## Problem to work on
Print out the data exactly, keeping every image out of it.

═══ The data ═══

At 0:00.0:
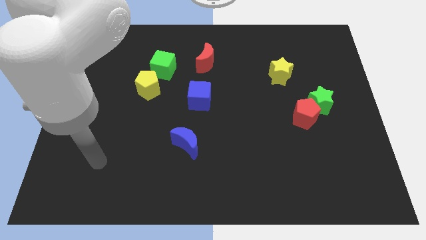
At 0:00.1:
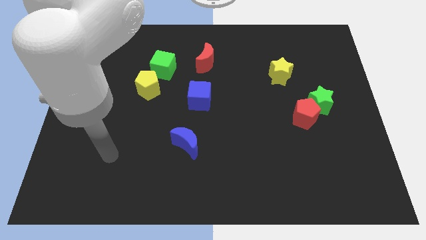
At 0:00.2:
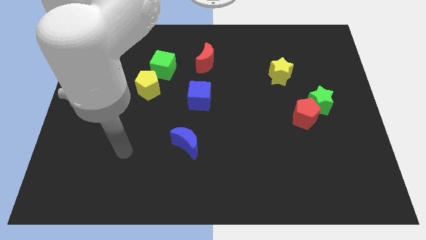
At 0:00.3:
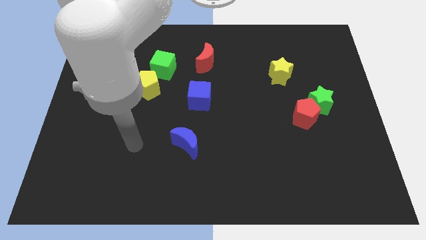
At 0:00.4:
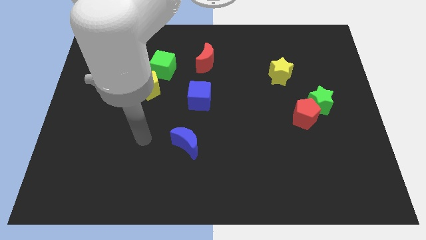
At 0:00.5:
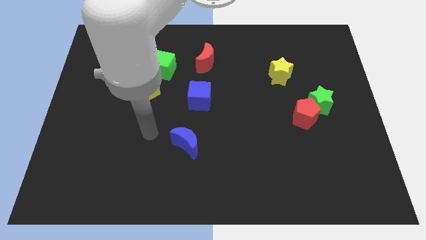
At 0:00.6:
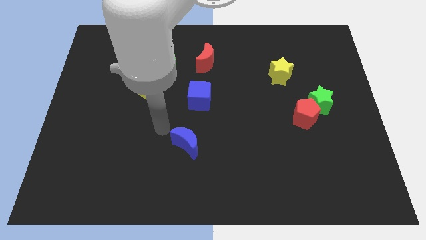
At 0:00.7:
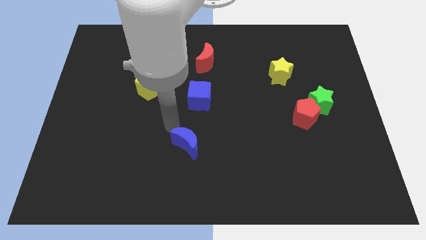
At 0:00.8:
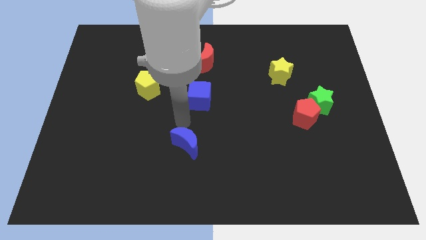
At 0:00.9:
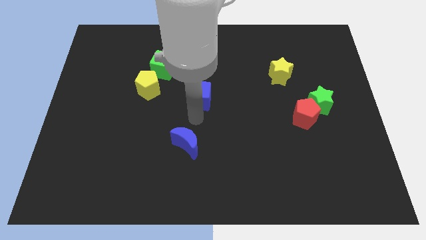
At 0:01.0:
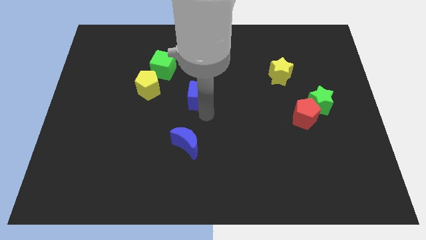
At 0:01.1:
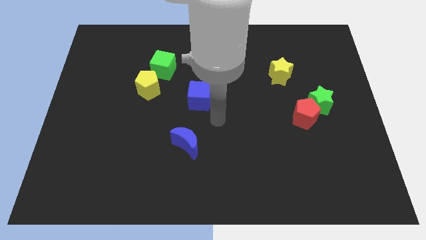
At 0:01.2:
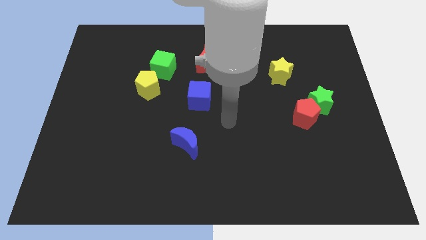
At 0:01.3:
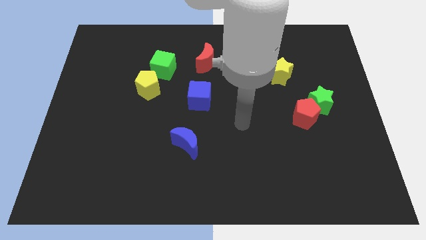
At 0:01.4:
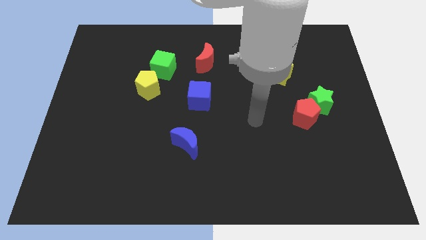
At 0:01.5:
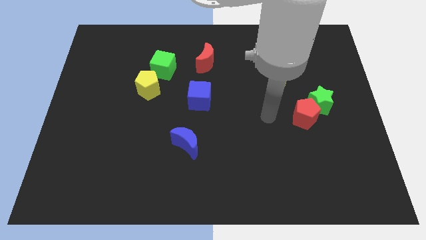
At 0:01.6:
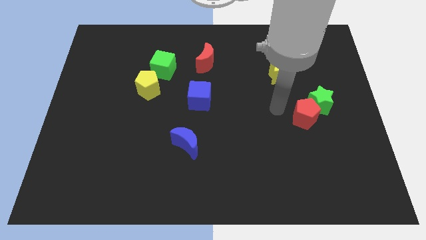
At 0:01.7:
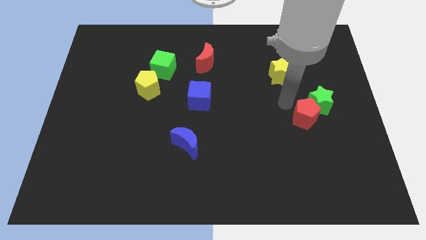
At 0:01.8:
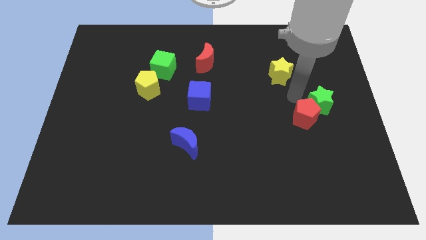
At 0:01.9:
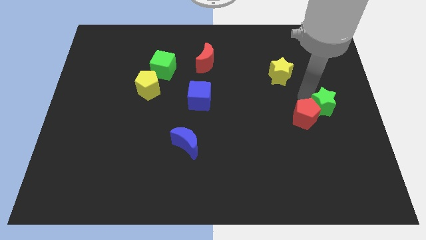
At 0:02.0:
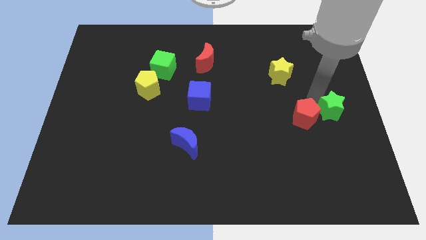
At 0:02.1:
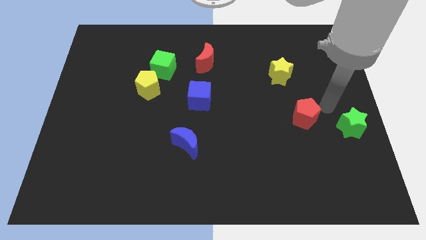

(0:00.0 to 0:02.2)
separate the red pentagon from the green star

═══

## Problem solution
At 0:00.0:
At 0:00.1:
At 0:00.2:
At 0:00.3:
At 0:00.4:
At 0:00.5:
At 0:00.6:
At 0:00.7:
At 0:00.8:
At 0:00.9:
At 0:01.0:
At 0:01.1:
At 0:01.2:
At 0:01.3:
At 0:01.4:
At 0:01.5:
At 0:01.6:
At 0:01.7:
At 0:01.8:
At 0:01.9:
At 0:02.0:
At 0:02.1:

(0:00.0 to 0:02.2)
separate the red pentagon from the green star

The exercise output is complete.